Comment 22 Jesse Barnes 2010-06-07 10:28:39 UTC
Which versions were you running?  GM45 worked for me with compiz; I didn't see any failures.
Comment 23 zhao jian 2010-06-07 18:13:51 UTC
(In reply to comment #22)
> Which versions were you running?  GM45 worked for me with compiz; I didn't see
> any failures.

I tested with kernel in for-linus branch (e3a815fcd38043b8f1bb526123d8ab6ae01deb77). And other components as following: 
Libdrm:         (master)73a42a645201a85ce2fe4fc77754df67e5097fc9
Mesa:           (master)31a74a6df77daea9084c34b86f217f23a55e6b91
Xserver:                (master)5d4e2c594059ffb536c8e506c2623320d3c6a787
Xf86_video_intel:       (master)6db1e5231b7a0e79611f771d4efea686f7849e04
Comment 24 Jesse Barnes 2010-06-24 09:41:45 UTC
If you still see this can you capture some more information?  If you can VT switch after resume, you can probably ssh in as well and gdb the server or glxgears to see what they're waiting for.  If they're stuck in a "poll" or "select" call, please check the /proc/<pid>/wchan file to see what kernel mutex they're waiting on.
Comment 25 Jesse Barnes 2010-06-24 12:24:34 UTC
Ah I see this issue on my GM45 now with master of everything.  Checking it out...
Comment 26 Jesse Barnes 2010-06-24 14:36:26 UTC
Seems I can reproduce it with a simple VT switch too, so something is wrong with the way X consumes DRM events.

Also ignore comment #24 I see you already collected backtraces.
Comment 27 Jesse Barnes 2010-06-24 15:37:14 UTC
Created attachment 36481 [details] [review]
don't sync redirected windows

I don't know why yet, but somehow running under compiz causes this problem.  If both clients and the compositor are using events, when you VT switch back the client hangs.

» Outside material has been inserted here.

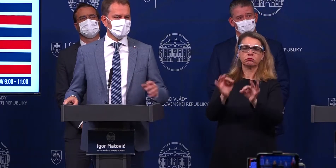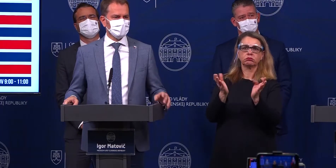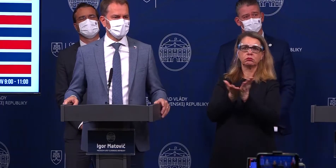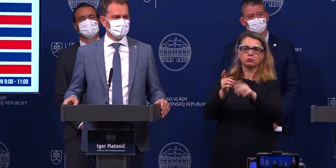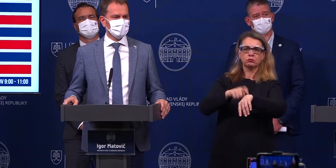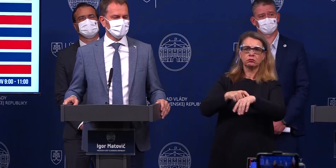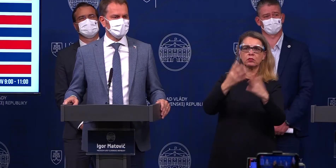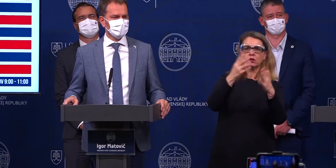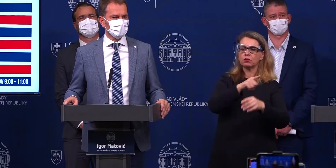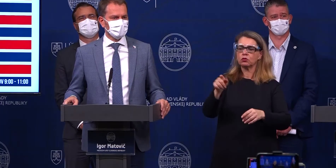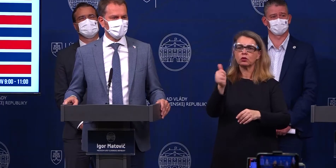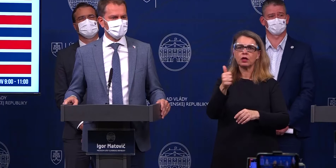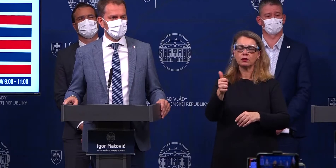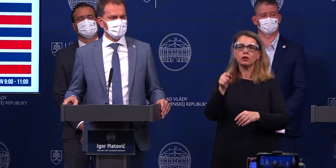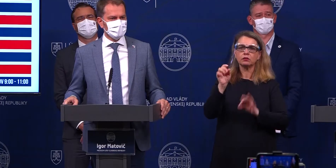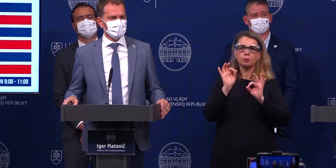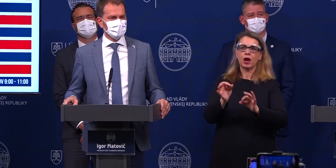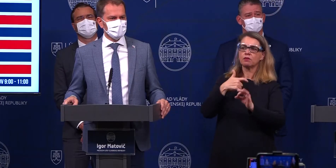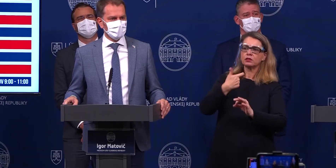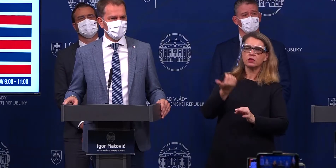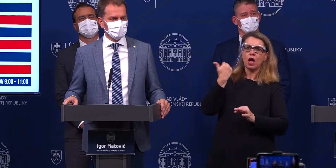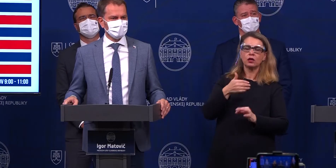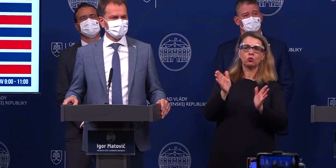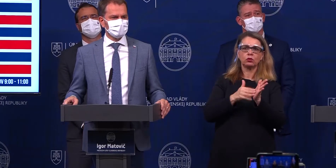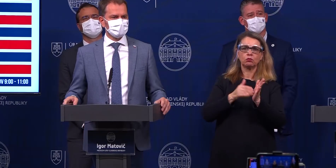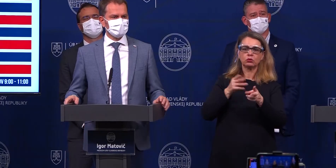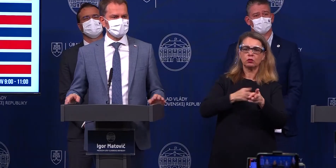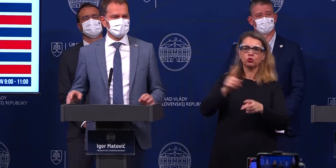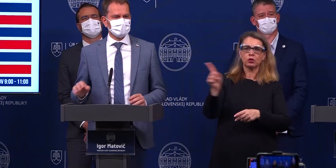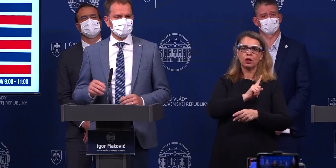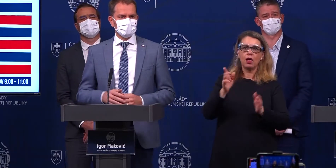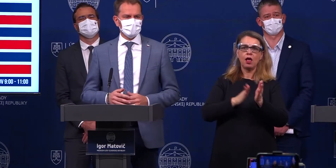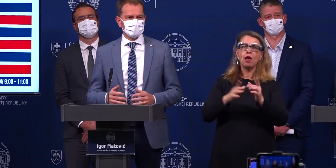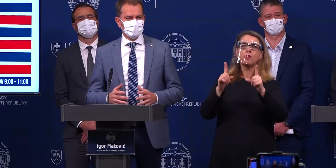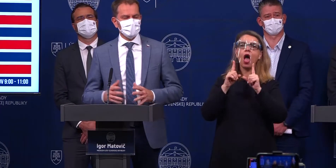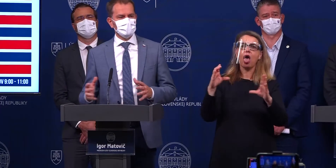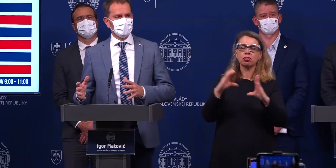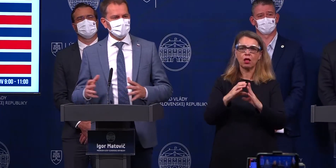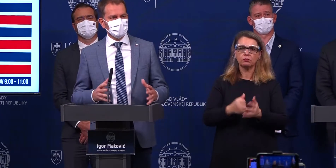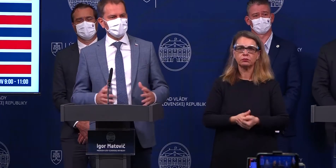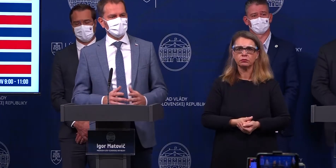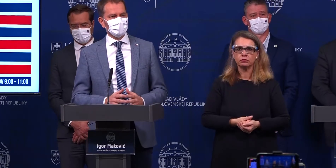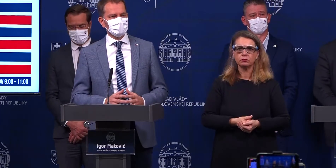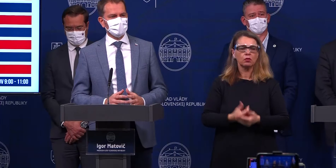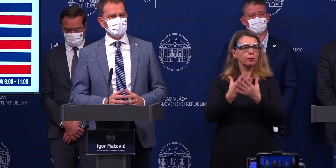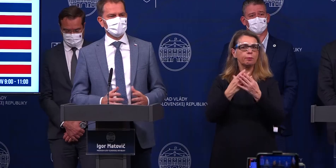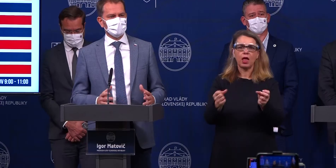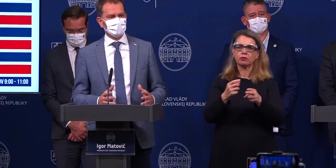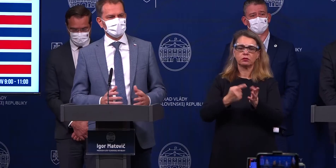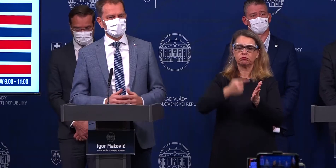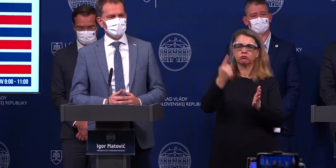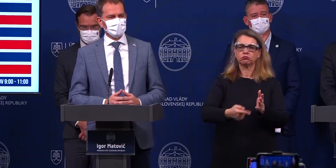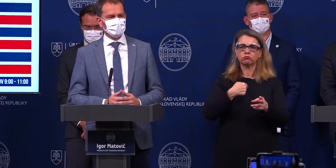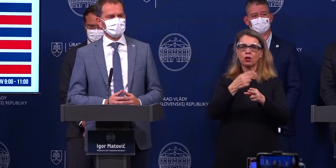budú využívať dôchodci, ak budú teda potrebovať cestovať s MHD. Takže aj bez toho, aby tam nejaká tá regulácia bola,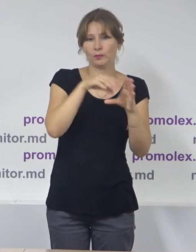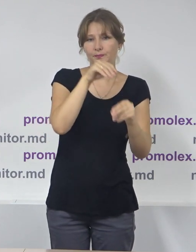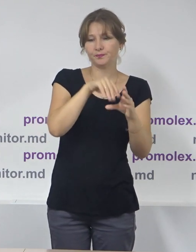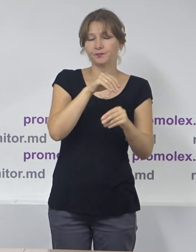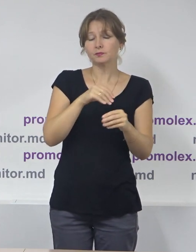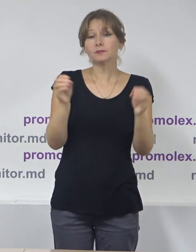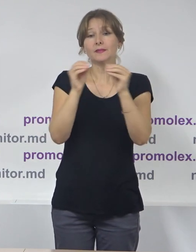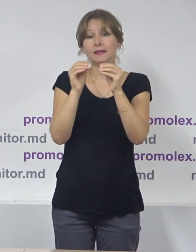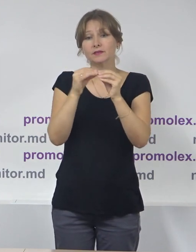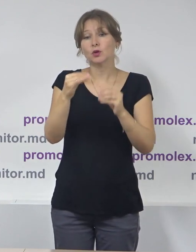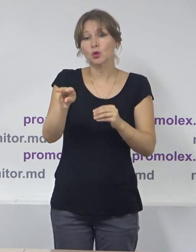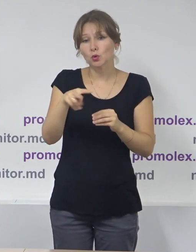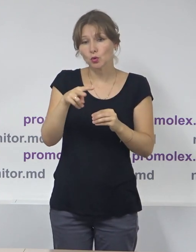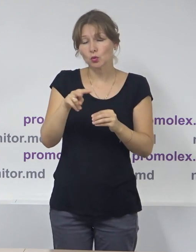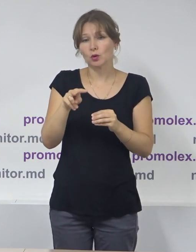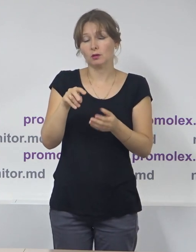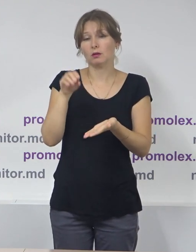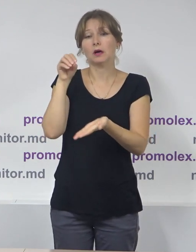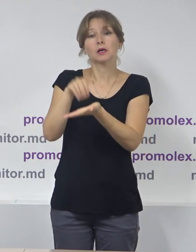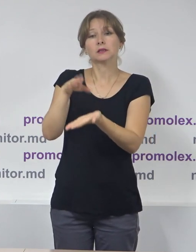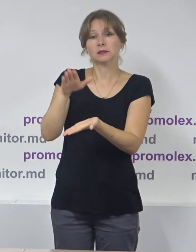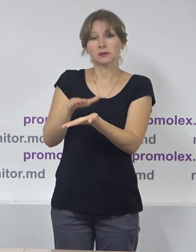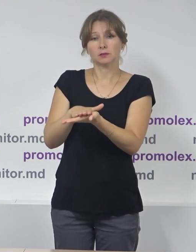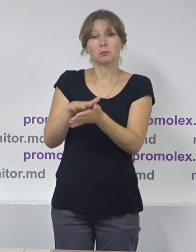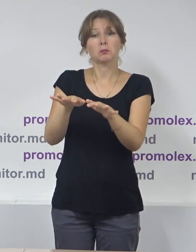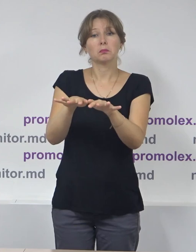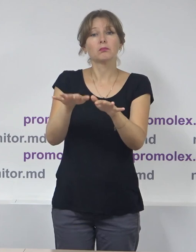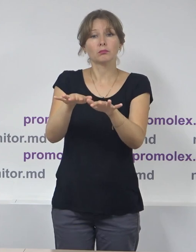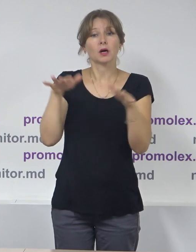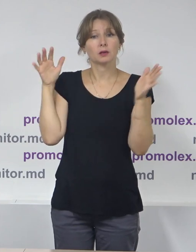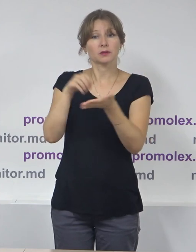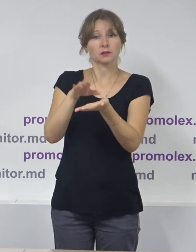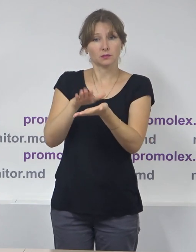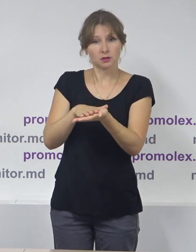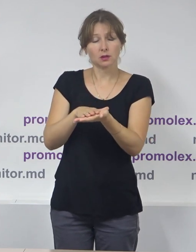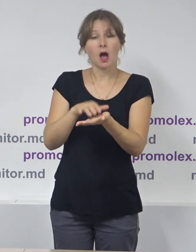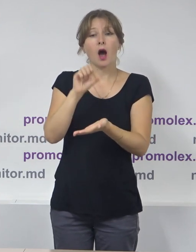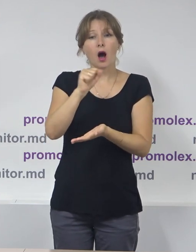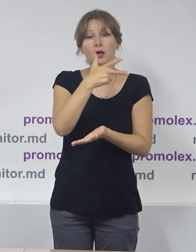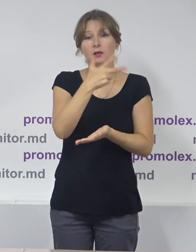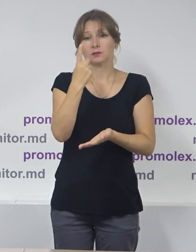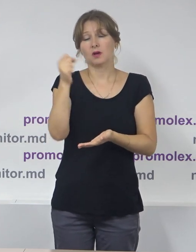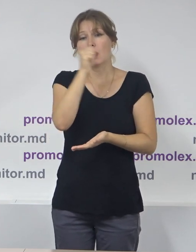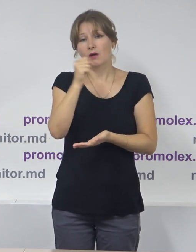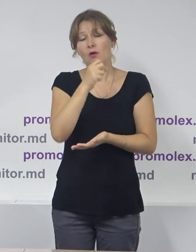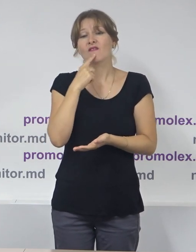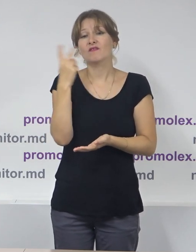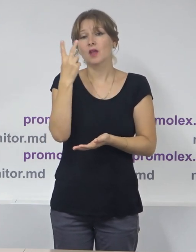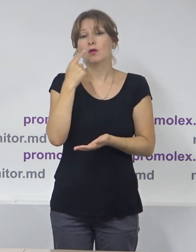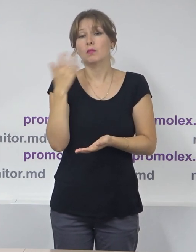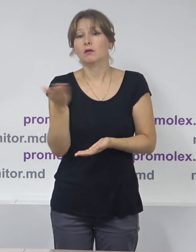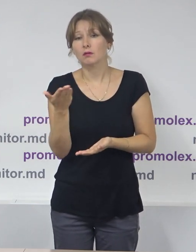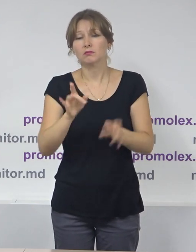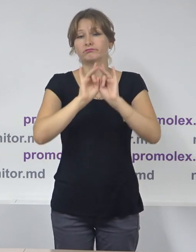10 iulie, Parlamentul a registrat, iar la 31 iulie, deja a și votat în lectura a doua, proiectul de lege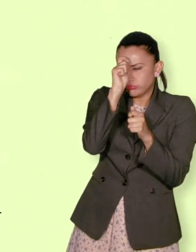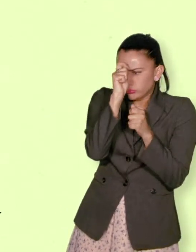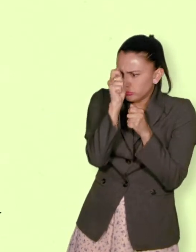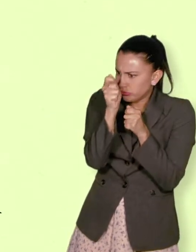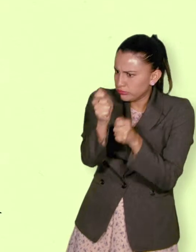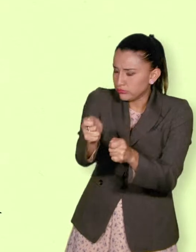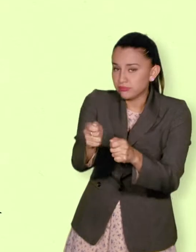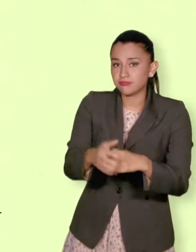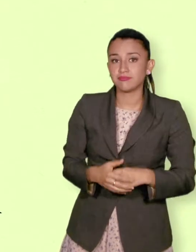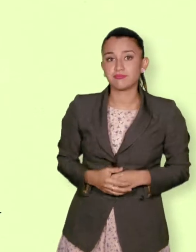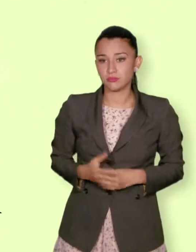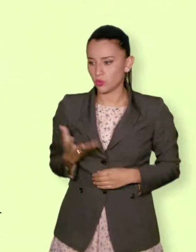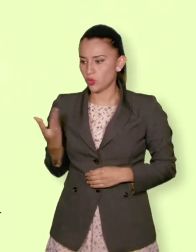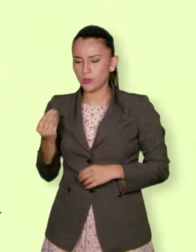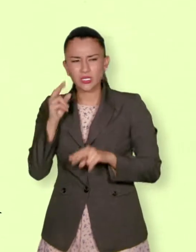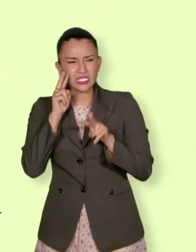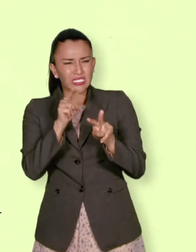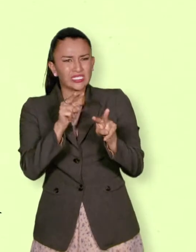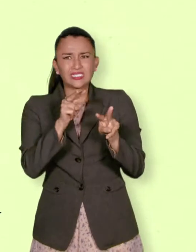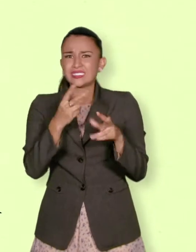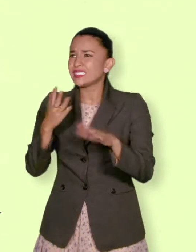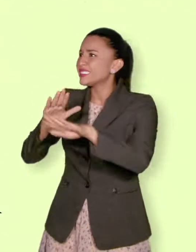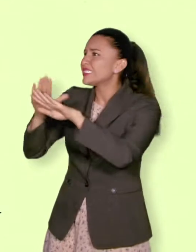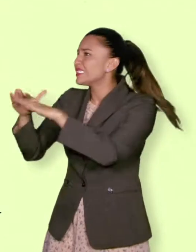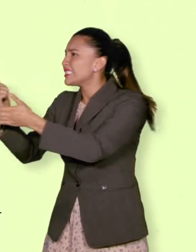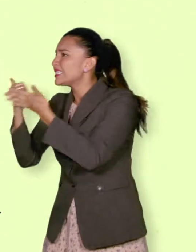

This patch worked around the problem for me, can you confirm?
Comment 28 fangxun 2010-06-25 01:56:52 UTC
Yes, I confirm this patch fixes.
Comment 29 Jesse Barnes 2010-06-28 17:03:43 UTC
Created attachment 36587 [details] [review]
another approach to avoiding client hangs at VT switch time

Here's a server patch that should also fix the problem, closer to the root cause this time.
Comment 30 Jesse Barnes 2010-06-28 17:04:14 UTC
Created attachment 36588 [details] [review]
keep DRI2 clients suspended at VT switch

This one isn't strictly necessary, but makes DRI2 behave like GLX across VT switch.
Comment 31 Jesse Barnes 2010-06-30 10:56:43 UTC
Bug fixed in X master:

commit 28e33ae6f69f716ece5d68e63fc52557236c5f6e
Author: Jesse Barnes <jbarnes@virtuousgeek.org>
Date:   Wed Jun 30 07:59:04 2010 -0700

    OS support: fix writeable client vs IgnoreClient behavior

I'll request that it go into the 1.8 branch as well.
Comment 32 fangxun 2010-07-19 04:21:51 UTC
Works fine with current code, so marking it as verified.